In Go 1.26, new() got a small upgrade that I've wanted for a long time.
You can now pass a value expression to new(), not just a type. The compiler infers the pointer type and initializes the memory with the result of that expression.
ptr := new(someExpression())This is a tiny change from a spec perspective, but it removes one of those little friction points that shows up all the time in real code.
The problem
Historically, Go hasn't allowed you to take the address of a literal or expression.
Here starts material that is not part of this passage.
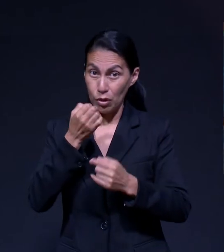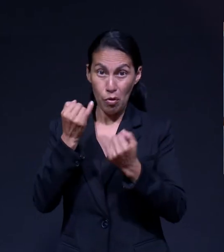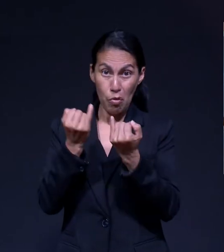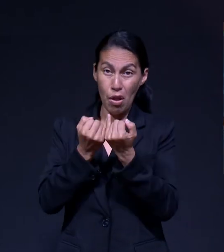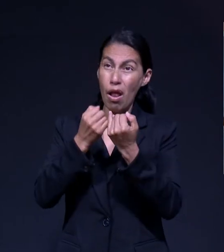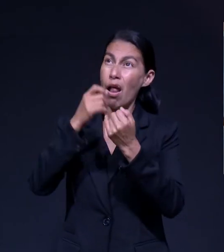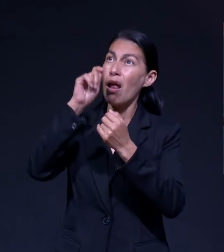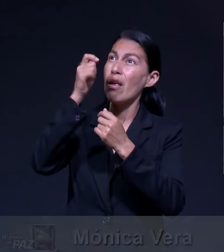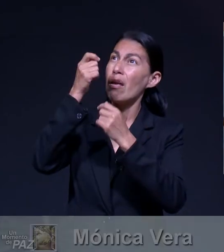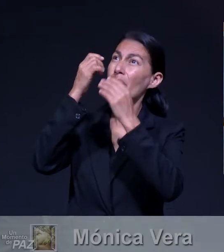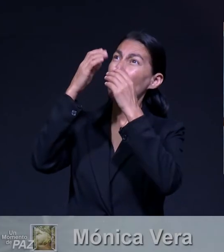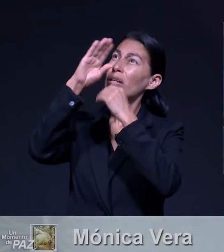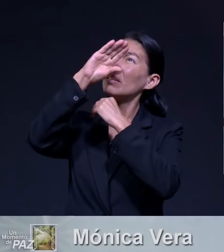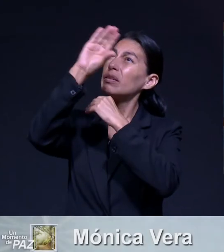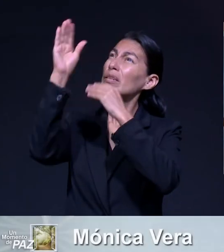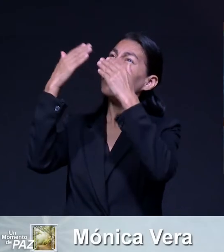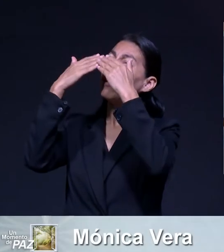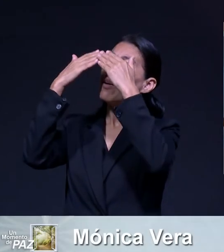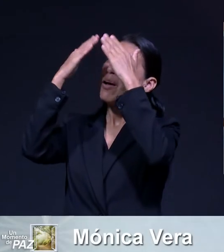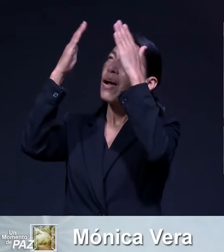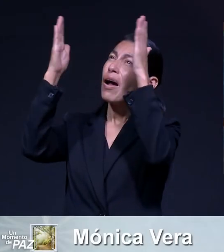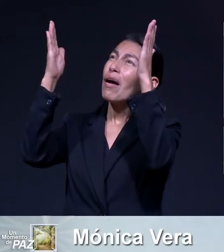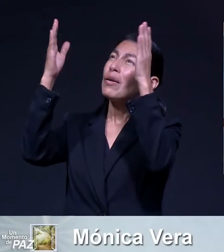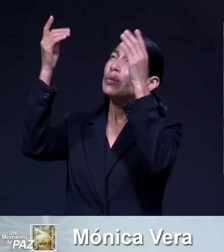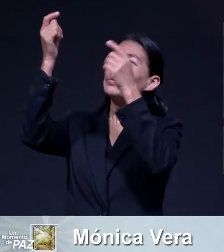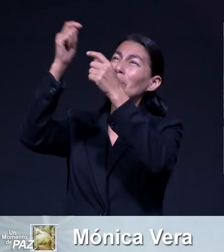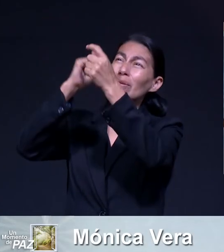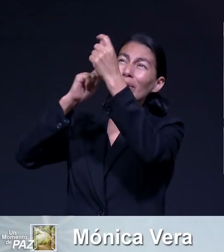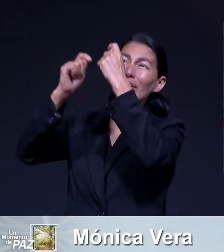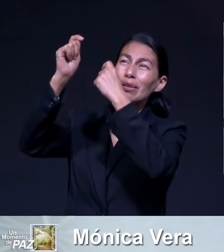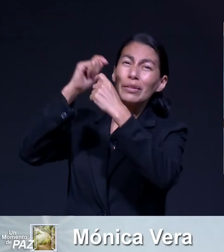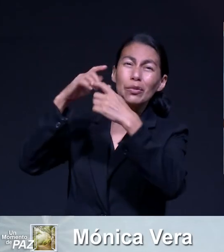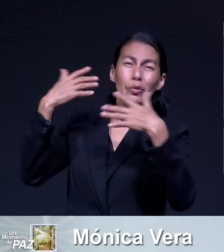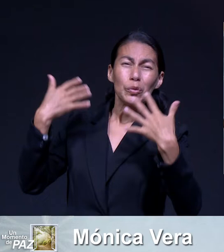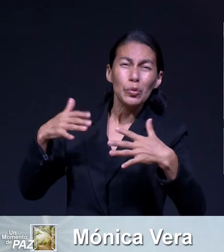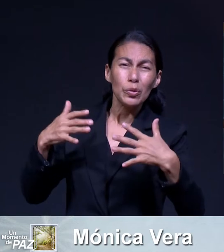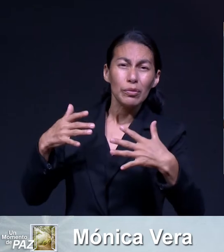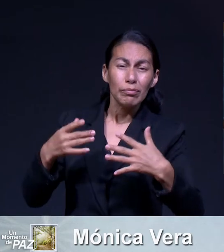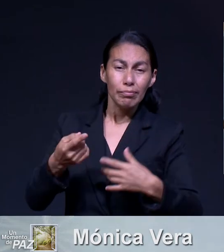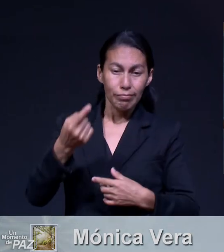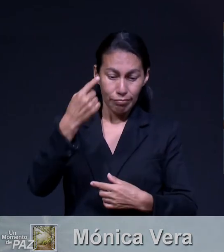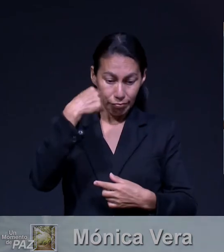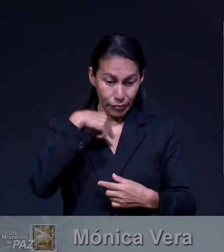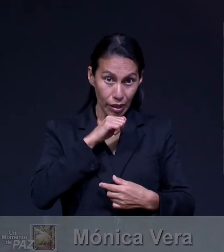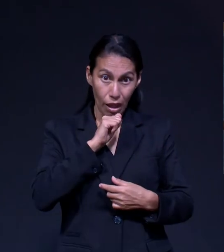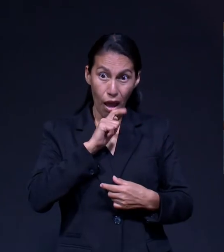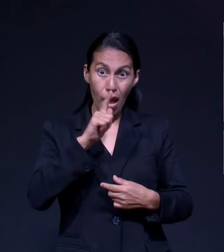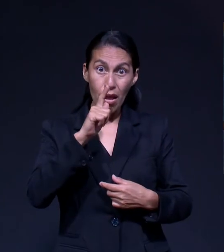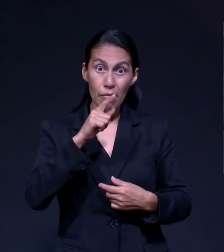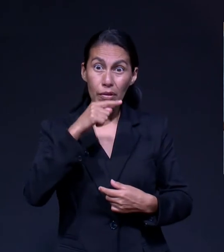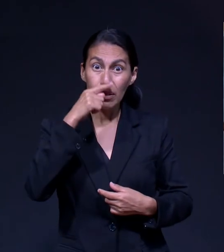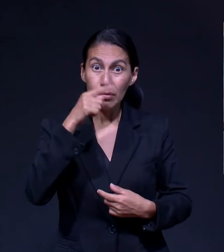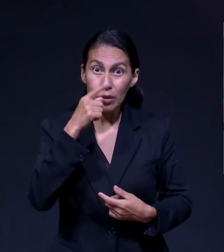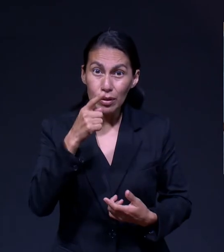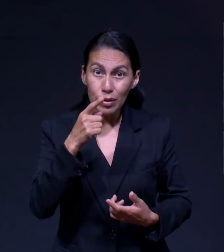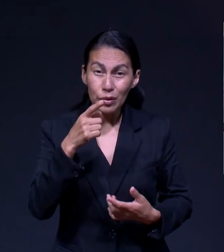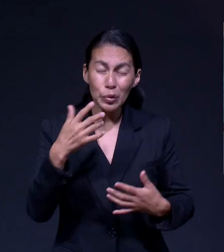Y es también el aliento del alma ¿Por qué oramos tan poco? Si es tan necesario y tan

You've probably hit this when building structs that have optional pointer fields. It's especially common in tests.
Something like this:
Payload{
Price: 99.99,
Tax: &9.99, // not allowed
}Go simply won't let you do that.
The usual workaround
The most common solution is a small helper function:
func ptr[T any](v T) *T { return &v }Then you end up writing things like:
Tax: ptr(9.99)It works fine. I've used this pattern in a bunch of projects.
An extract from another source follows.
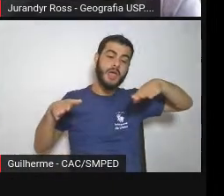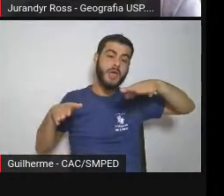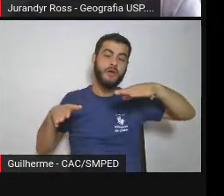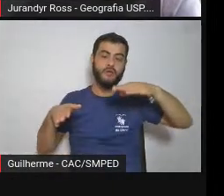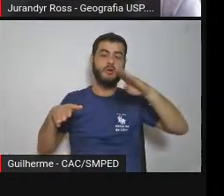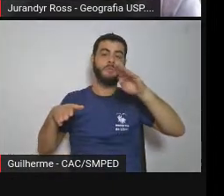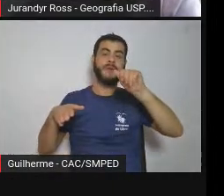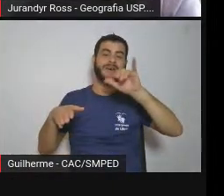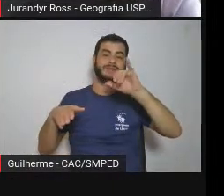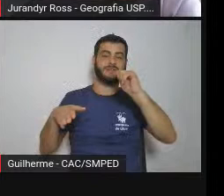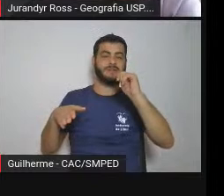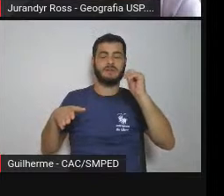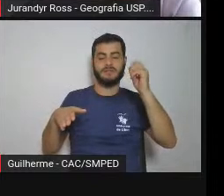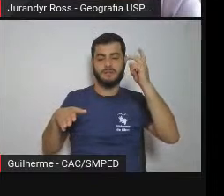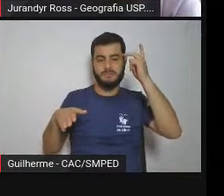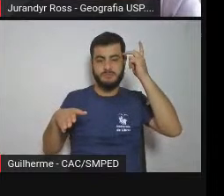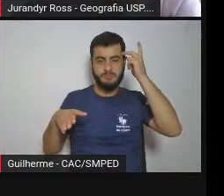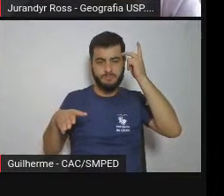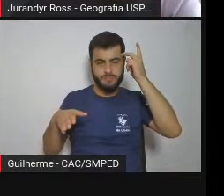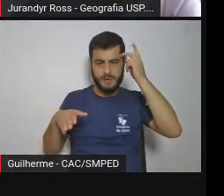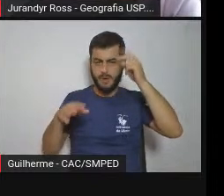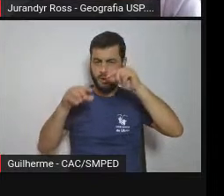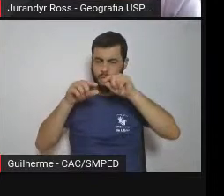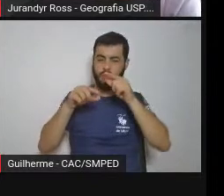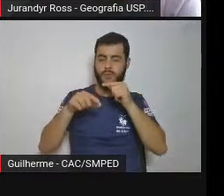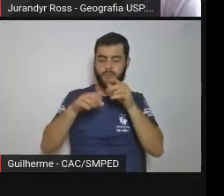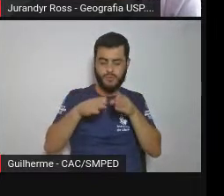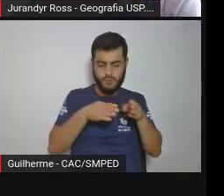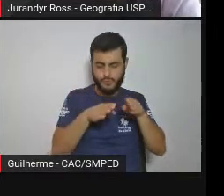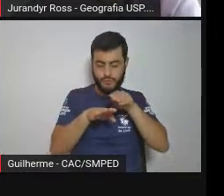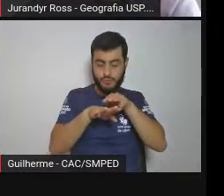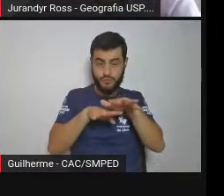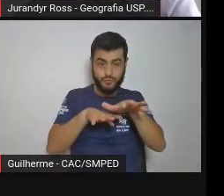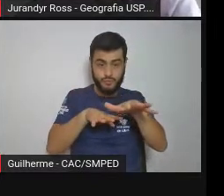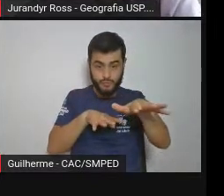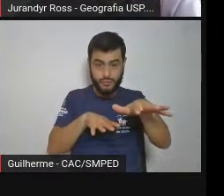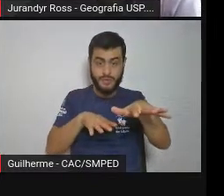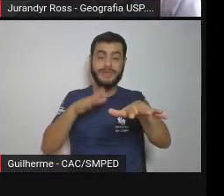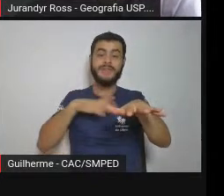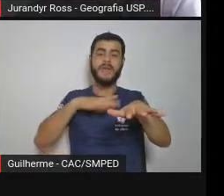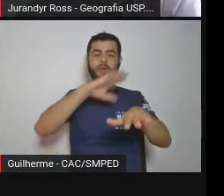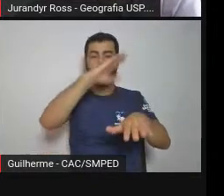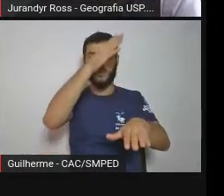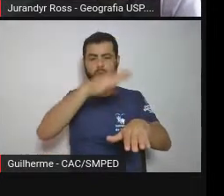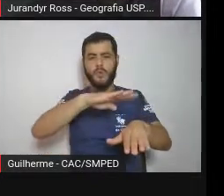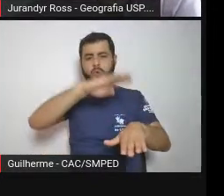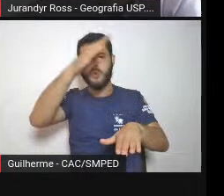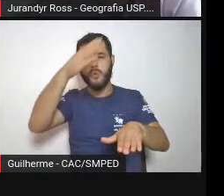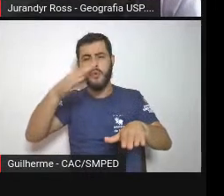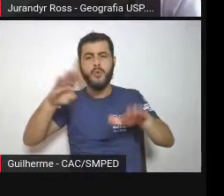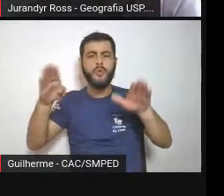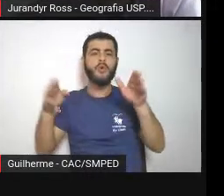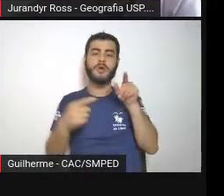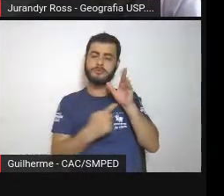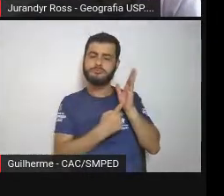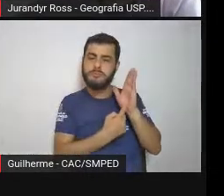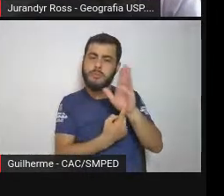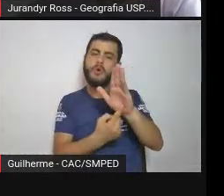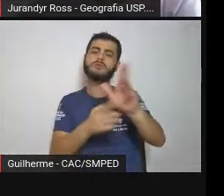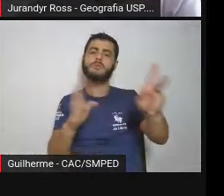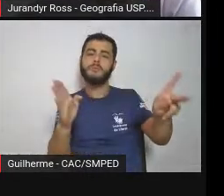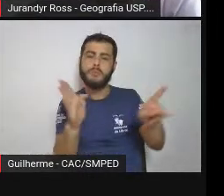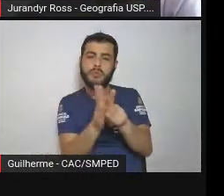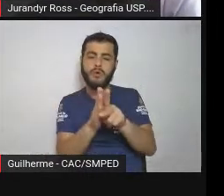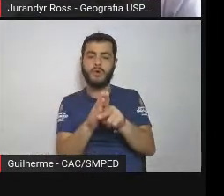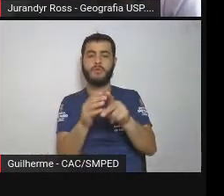dentro dessa continuidade, dentro desse alinhamento estrutural que marca a geologia e a geomorfologia da região

But it's still a workaround. You have to define the helper somewhere, people new to the codebase ask what it does, and every project seems to have its own version of it.
What it looks like now
With Go 1.26, you can just write:
func TestBuildPayload(t *testing.T) {
cases := []struct {
name string
expected Payload
}{
{"standard", Payload{Price: 99.99, Tax: new(9.99)}},
{"free", Payload{Price: 0.0, Tax: new(0.0)}},
{"reduced", Payload{Price: 145.0, Tax: new(14.50)}},
}
// ...
}The value sits right next to the field it belongs to. No helper functions, no extra noise.
And since new() is already a built-in, nobody has to wonder what's going on.
I've wanted this in Go for years, so it's nice to finally see it land.